**YOUR GOAL**
Wherever the word "aligned" appears in a line of the data, that line should be copied.

=== Begin Enclosure ===

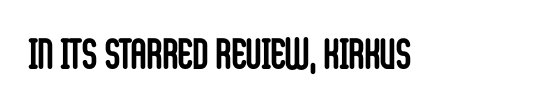
These lines are rendered in a variable-pitch font. Check under the words: just untouched page. The type sits square on the baseline with zero lean. Emphasis by weight is at full strength: bold.
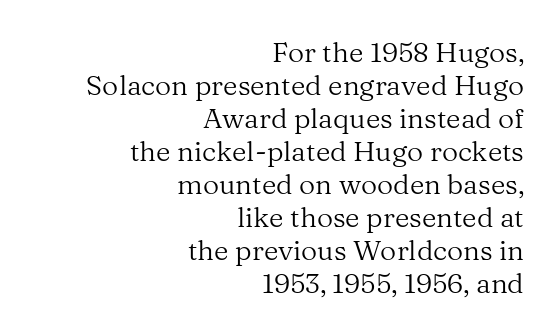
This rendering leaves character spacing at its baseline value. Posture: straight, roman, zero tilt. Looks like regular typesetting: each glyph gets only the width it needs. Weight: not bold — regular or lighter. The words here are not underlined. The rendering shows small feet on the letterforms — a serif design.
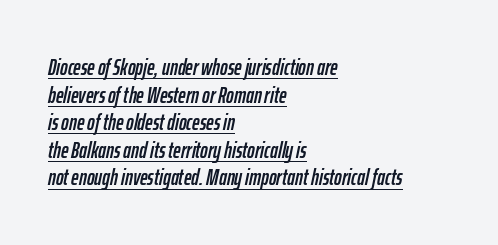
Quick note: italic. You could call the tracking neutral — neither tight nor loose. What decoration does the sample have? An underline. The lines in this sample share a left origin and differ only in where they stop.
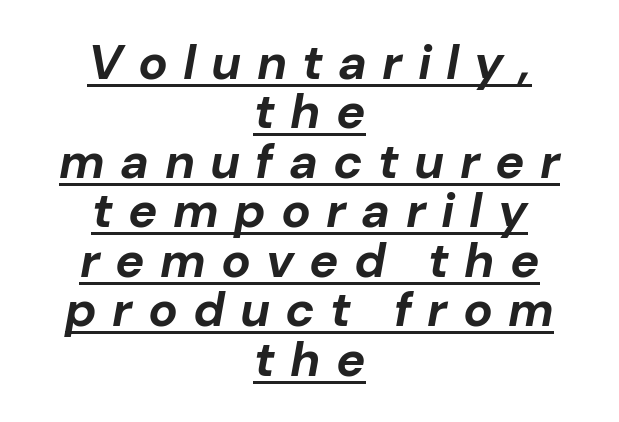
Q: Is the text bold? A: Yes.
Q: Is the text italic (slanted)? A: Yes, it leans right by about 10 degrees.
Q: Is the text underlined? A: Yes.
Q: How is the paragraph aligned? A: Centered.
Q: Is the spacing between letters normal or unusually wide? A: Unusually wide.
Q: Is the spacing between lines tight, normal or loose? A: Tight.
Q: Width (condensed, normal, or wide)? A: Normal.
Q: Stroke contrast? A: Low.
Q: x-height? A: Medium.
Q: Monospaced? A: No.
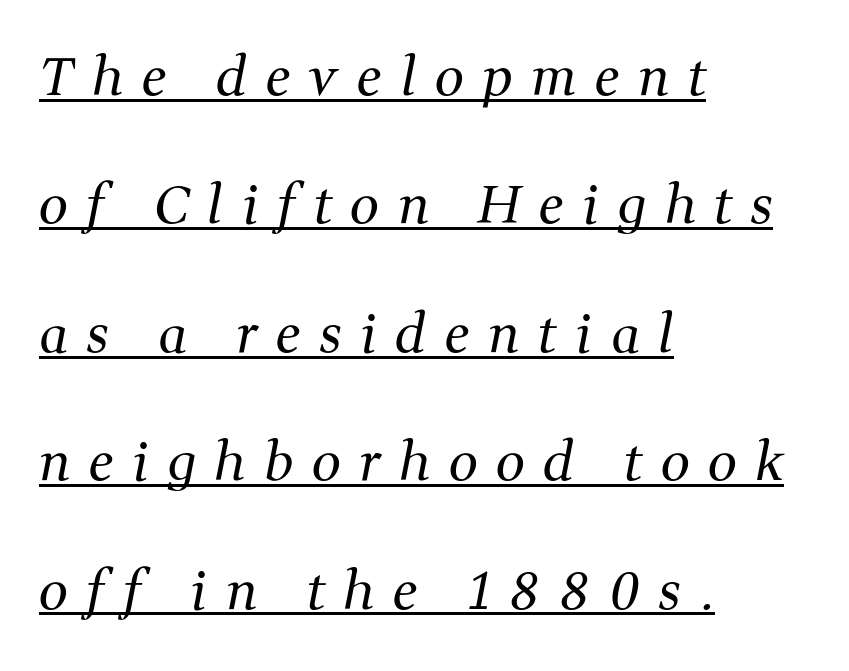
{"serif": "yes", "italic": "yes", "lean": "right", "slant_degrees": 11, "bold": "no", "weight": "regular", "width": "normal", "stroke_contrast": "medium", "x_height": "medium", "monospaced": "no", "underline": "yes", "align": "left", "line_spacing": "loose", "line_spacing_ratio": 2.47, "letter_spacing": "wide", "letter_spacing_em": 0.36, "glyph_px": 52}
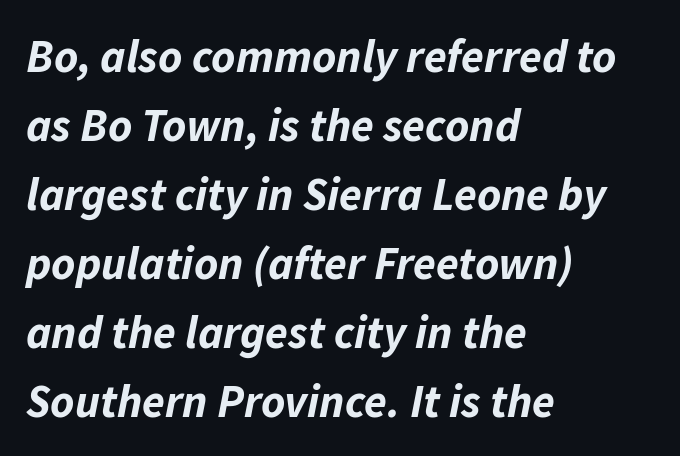
Q: Is the text bold? A: Yes.
Q: Is the text italic (slanted)? A: Yes, it leans right by about 11 degrees.
Q: Is the text underlined? A: No.
Q: How is the paragraph aligned? A: Left-aligned.
Q: Is the spacing between letters normal or unusually wide? A: Normal.
Q: Is the spacing between lines tight, normal or loose? A: Normal.
Q: Width (condensed, normal, or wide)? A: Normal.
Q: Stroke contrast? A: Low.
Q: x-height? A: Medium.
Q: Monospaced? A: No.
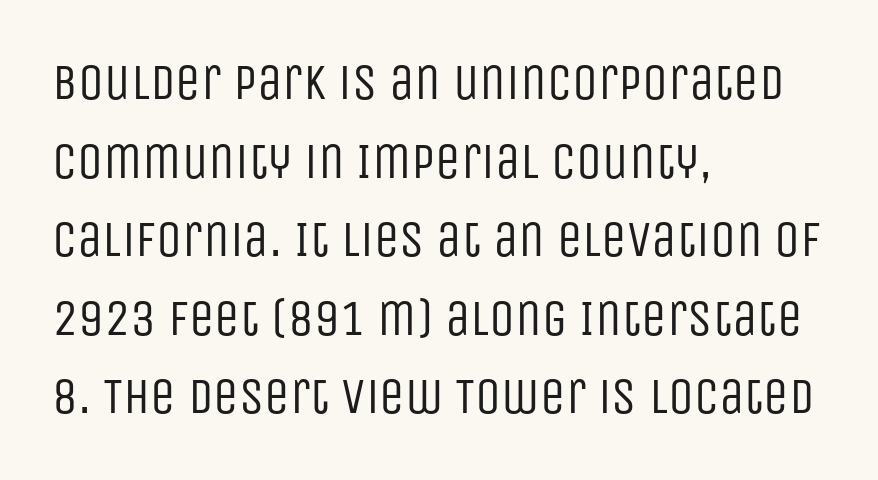
{"serif": "no", "italic": "no", "bold": "no", "weight": "regular", "width": "condensed", "stroke_contrast": "low", "x_height": "large", "monospaced": "no", "underline": "no", "align": "left", "line_spacing": "normal", "line_spacing_ratio": 1.54, "letter_spacing": "normal", "letter_spacing_em": 0.0, "glyph_px": 51}

=== End Enclosure ===

**ANSWER**
Q: How is the paragraph aligned? A: Centered.
Q: How is the paragraph aligned? A: Left-aligned.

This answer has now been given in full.